▶ _What you will do_
Within the entries below, the lines from the one with "#6612 = AXIS2_PLACEMENT_3D" through the one with "#8470 = LINE ( 'NONE', #10262, #7109 ) ;" are to be set down exactly, both ends kept.
____
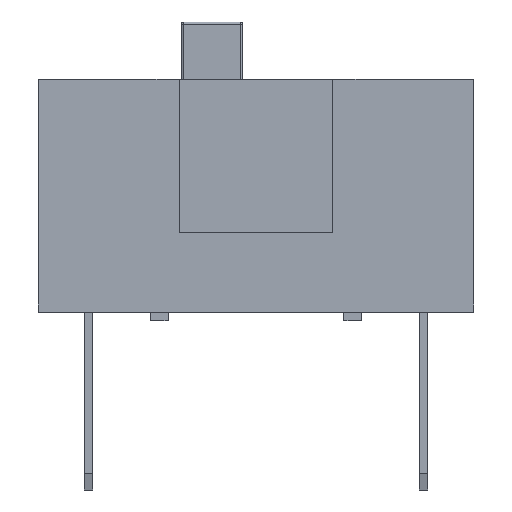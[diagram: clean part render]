
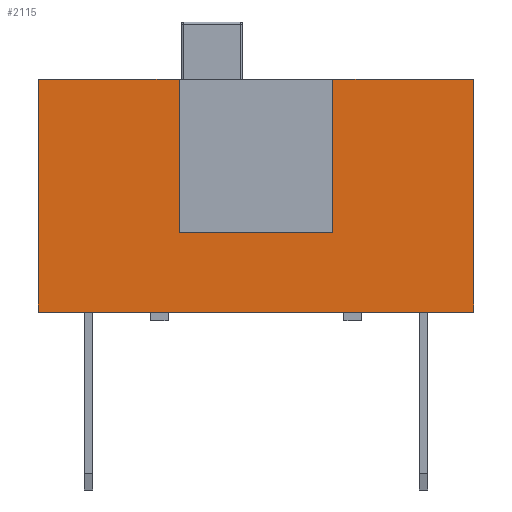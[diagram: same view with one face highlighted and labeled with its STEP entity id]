
A CAD part, left-side view. The second image highlights one B-rep face of the part: STEP entity #2115.
In plain terms, the highlighted planar face has unit normal (-1, 0, 0).
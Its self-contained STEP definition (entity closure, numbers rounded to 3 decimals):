
#70 = VERTEX_POINT ( 'NONE', #3994 ) ;
#272 = VECTOR ( 'NONE', #8901, 1000. ) ;
#278 = LINE ( 'NONE', #7842, #11349 ) ;
#290 = LINE ( 'NONE', #9644, #1330 ) ;
#532 = DIRECTION ( 'NONE',  ( 0., 0., 1. ) ) ;
#594 = ORIENTED_EDGE ( 'NONE', *, *, #9996, .T. ) ;
#613 = LINE ( 'NONE', #5114, #272 ) ;
#681 = DIRECTION ( 'NONE',  ( 0., 0., -1. ) ) ;
#1081 = VERTEX_POINT ( 'NONE', #8935 ) ;
#1226 = DIRECTION ( 'NONE',  ( -1., 0., 0. ) ) ;
#1330 = VECTOR ( 'NONE', #8764, 1000. ) ;
#1404 = CARTESIAN_POINT ( 'NONE',  ( -2., 5.56, 0. ) ) ;
#2115 = ADVANCED_FACE ( 'NONE', ( #9329 ), #8411, .T. ) ;
#2170 = EDGE_CURVE ( 'NONE', #6346, #6468, #290, .T. ) ;
#2410 = DIRECTION ( 'NONE',  ( 0., 0., 1. ) ) ;
#2838 = CARTESIAN_POINT ( 'NONE',  ( -2., 2.06, 5.5 ) ) ;
#2930 = ORIENTED_EDGE ( 'NONE', *, *, #8238, .T. ) ;
#3164 = VERTEX_POINT ( 'NONE', #2838 ) ;
#3189 = VERTEX_POINT ( 'NONE', #4761 ) ;
#3238 = VERTEX_POINT ( 'NONE', #5906 ) ;
#3241 = LINE ( 'NONE', #1404, #8392 ) ;
#3480 = DIRECTION ( 'NONE',  ( 0., 1., 0. ) ) ;
#3541 = CARTESIAN_POINT ( 'NONE',  ( -2., 5.56, 5.5 ) ) ;
#3698 = CARTESIAN_POINT ( 'NONE',  ( -2., 2.06, 0. ) ) ;
#3967 = EDGE_CURVE ( 'NONE', #1081, #3164, #278, .T. ) ;
#3994 = CARTESIAN_POINT ( 'NONE',  ( -2., -1.14, 0.2 ) ) ;
#4213 = ORIENTED_EDGE ( 'NONE', *, *, #3967, .T. ) ;
#4342 = LINE ( 'NONE', #6044, #7309 ) ;
#4499 = ORIENTED_EDGE ( 'NONE', *, *, #6906, .F. ) ;
#4761 = CARTESIAN_POINT ( 'NONE',  ( -2., 5.56, 2. ) ) ;
#4856 = DIRECTION ( 'NONE',  ( 0., 0., 1. ) ) ;
#5114 = CARTESIAN_POINT ( 'NONE',  ( -2., 0., 2. ) ) ;
#5802 = EDGE_CURVE ( 'NONE', #6468, #3238, #8470, .T. ) ;
#5906 = CARTESIAN_POINT ( 'NONE',  ( -2., 8.76, 0.2 ) ) ;
#6044 = CARTESIAN_POINT ( 'NONE',  ( -2., 8.76, 0.2 ) ) ;
#6346 = VERTEX_POINT ( 'NONE', #3541 ) ;
#6468 = VERTEX_POINT ( 'NONE', #7638 ) ;
#6517 = LINE ( 'NONE', #3698, #8805 ) ;
#6612 = AXIS2_PLACEMENT_3D ( 'NONE', #10385, #1226, #4856 ) ;
#6906 = EDGE_CURVE ( 'NONE', #70, #3238, #4342, .T. ) ;
#7109 = VECTOR ( 'NONE', #9151, 1000. ) ;
#7309 = VECTOR ( 'NONE', #3480, 1000. ) ;
#7537 = ORIENTED_EDGE ( 'NONE', *, *, #2170, .T. ) ;
#7638 = CARTESIAN_POINT ( 'NONE',  ( -2., 8.76, 5.5 ) ) ;
#7697 = EDGE_CURVE ( 'NONE', #10854, #3189, #613, .T. ) ;
#7842 = CARTESIAN_POINT ( 'NONE',  ( -2., 0., 5.5 ) ) ;
#7882 = LINE ( 'NONE', #11619, #10567 ) ;
#8238 = EDGE_CURVE ( 'NONE', #3189, #6346, #3241, .T. ) ;
#8392 = VECTOR ( 'NONE', #532, 1000. ) ;
#8411 = PLANE ( 'NONE',  #6612 ) ;
#8470 = LINE ( 'NONE', #10262, #7109 ) ;
#8764 = DIRECTION ( 'NONE',  ( 0., 1., 0. ) ) ;
#8805 = VECTOR ( 'NONE', #681, 1000. ) ;
#8901 = DIRECTION ( 'NONE',  ( 0., 1., 0. ) ) ;
#8935 = CARTESIAN_POINT ( 'NONE',  ( -2., -1.14, 5.5 ) ) ;
#9102 = CARTESIAN_POINT ( 'NONE',  ( -2., 2.06, 2. ) ) ;
#9151 = DIRECTION ( 'NONE',  ( 0., 0., -1. ) ) ;
#9329 = FACE_OUTER_BOUND ( 'NONE', #9920, .T. ) ;
#9644 = CARTESIAN_POINT ( 'NONE',  ( -2., 0., 5.5 ) ) ;
#9743 = EDGE_CURVE ( 'NONE', #70, #1081, #7882, .T. ) ;
#9811 = ORIENTED_EDGE ( 'NONE', *, *, #7697, .T. ) ;
#9920 = EDGE_LOOP ( 'NONE', ( #12072, #4213, #594, #9811, #2930, #7537, #10154, #4499 ) ) ;
#9996 = EDGE_CURVE ( 'NONE', #3164, #10854, #6517, .T. ) ;
#10154 = ORIENTED_EDGE ( 'NONE', *, *, #5802, .T. ) ;
#10262 = CARTESIAN_POINT ( 'NONE',  ( -2., 8.76, 0. ) ) ;
#10385 = CARTESIAN_POINT ( 'NONE',  ( -2., 0., 0. ) ) ;
#10567 = VECTOR ( 'NONE', #2410, 1000. ) ;
#10854 = VERTEX_POINT ( 'NONE', #9102 ) ;
#11349 = VECTOR ( 'NONE', #11582, 1000. ) ;
#11582 = DIRECTION ( 'NONE',  ( 0., 1., 0. ) ) ;
#11619 = CARTESIAN_POINT ( 'NONE',  ( -2., -1.14, 0. ) ) ;
#12072 = ORIENTED_EDGE ( 'NONE', *, *, #9743, .T. ) ;
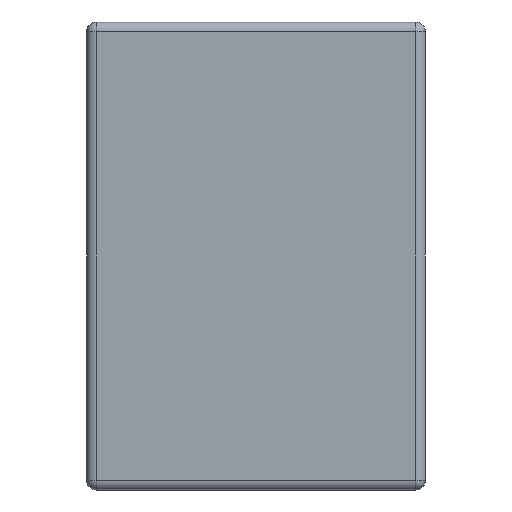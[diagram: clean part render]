
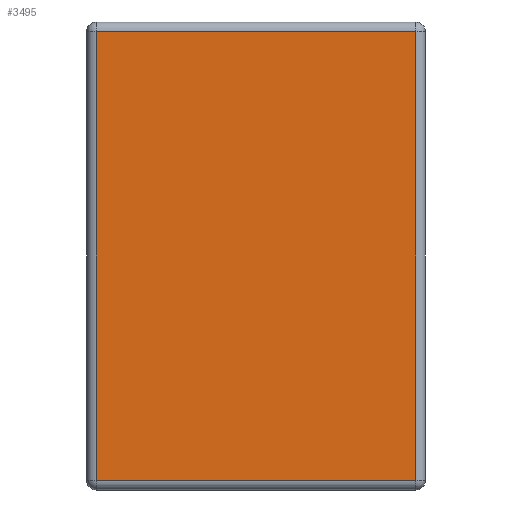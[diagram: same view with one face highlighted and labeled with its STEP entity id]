
A CAD part, left-side view. The second image highlights one B-rep face of the part: STEP entity #3495.
In plain terms, the highlighted planar face has unit normal (-1, 0, 0).
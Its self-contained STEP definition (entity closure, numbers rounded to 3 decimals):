
#107 = LINE ( 'NONE', #918, #2845 ) ;
#123 = CARTESIAN_POINT ( 'NONE',  ( 0., 0.03, -0.03 ) ) ;
#158 = VECTOR ( 'NONE', #3270, 1000. ) ;
#170 = CARTESIAN_POINT ( 'NONE',  ( 0., 1.02, -1.45 ) ) ;
#199 = PLANE ( 'NONE',  #4298 ) ;
#443 = LINE ( 'NONE', #170, #1351 ) ;
#715 = CARTESIAN_POINT ( 'NONE',  ( 0., 0., -1.42 ) ) ;
#918 = CARTESIAN_POINT ( 'NONE',  ( 0., 1.05, -0.03 ) ) ;
#1288 = DIRECTION ( 'NONE',  ( 0., 1., 0. ) ) ;
#1306 = VERTEX_POINT ( 'NONE', #123 ) ;
#1344 = ORIENTED_EDGE ( 'NONE', *, *, #3673, .T. ) ;
#1351 = VECTOR ( 'NONE', #3049, 1000. ) ;
#1452 = CARTESIAN_POINT ( 'NONE',  ( 0., 1.02, -1.42 ) ) ;
#1643 = CARTESIAN_POINT ( 'NONE',  ( 0., 1.02, -0.03 ) ) ;
#1688 = DIRECTION ( 'NONE',  ( 0., 0., 1. ) ) ;
#1716 = EDGE_CURVE ( 'NONE', #4519, #1306, #3823, .T. ) ;
#1813 = EDGE_CURVE ( 'NONE', #1306, #4484, #107, .T. ) ;
#1879 = EDGE_CURVE ( 'NONE', #4484, #4249, #443, .T. ) ;
#2022 = CARTESIAN_POINT ( 'NONE',  ( 0., 0., 0. ) ) ;
#2099 = EDGE_LOOP ( 'NONE', ( #1344, #4058, #3677, #2967 ) ) ;
#2271 = VECTOR ( 'NONE', #3580, 1000. ) ;
#2724 = FACE_OUTER_BOUND ( 'NONE', #2099, .T. ) ;
#2845 = VECTOR ( 'NONE', #1288, 1000. ) ;
#2853 = CARTESIAN_POINT ( 'NONE',  ( 0., 0.03, 0. ) ) ;
#2967 = ORIENTED_EDGE ( 'NONE', *, *, #1879, .T. ) ;
#3049 = DIRECTION ( 'NONE',  ( 0., 0., -1. ) ) ;
#3270 = DIRECTION ( 'NONE',  ( 0., 0., 1. ) ) ;
#3495 = ADVANCED_FACE ( 'NONE', ( #2724 ), #199, .T. ) ;
#3580 = DIRECTION ( 'NONE',  ( 0., -1., 0. ) ) ;
#3583 = CARTESIAN_POINT ( 'NONE',  ( 0., 0.03, -1.42 ) ) ;
#3673 = EDGE_CURVE ( 'NONE', #4249, #4519, #4307, .T. ) ;
#3677 = ORIENTED_EDGE ( 'NONE', *, *, #1813, .T. ) ;
#3823 = LINE ( 'NONE', #2853, #158 ) ;
#4058 = ORIENTED_EDGE ( 'NONE', *, *, #1716, .T. ) ;
#4249 = VERTEX_POINT ( 'NONE', #1452 ) ;
#4298 = AXIS2_PLACEMENT_3D ( 'NONE', #2022, #4579, #1688 ) ;
#4307 = LINE ( 'NONE', #715, #2271 ) ;
#4484 = VERTEX_POINT ( 'NONE', #1643 ) ;
#4519 = VERTEX_POINT ( 'NONE', #3583 ) ;
#4579 = DIRECTION ( 'NONE',  ( -1., 0., 0. ) ) ;
____
▶ _Task result_
#6612 = AXIS2_PLACEMENT_3D ( 'NONE', #10385, #1226, #4856 ) ;
#6906 = EDGE_CURVE ( 'NONE', #70, #3238, #4342, .T. ) ;
#7109 = VECTOR ( 'NONE', #9151, 1000. ) ;
#7309 = VECTOR ( 'NONE', #3480, 1000. ) ;
#7537 = ORIENTED_EDGE ( 'NONE', *, *, #2170, .T. ) ;
#7638 = CARTESIAN_POINT ( 'NONE',  ( -2., 8.76, 5.5 ) ) ;
#7697 = EDGE_CURVE ( 'NONE', #10854, #3189, #613, .T. ) ;
#7842 = CARTESIAN_POINT ( 'NONE',  ( -2., 0., 5.5 ) ) ;
#7882 = LINE ( 'NONE', #11619, #10567 ) ;
#8238 = EDGE_CURVE ( 'NONE', #3189, #6346, #3241, .T. ) ;
#8392 = VECTOR ( 'NONE', #532, 1000. ) ;
#8411 = PLANE ( 'NONE',  #6612 ) ;
#8470 = LINE ( 'NONE', #10262, #7109 ) ;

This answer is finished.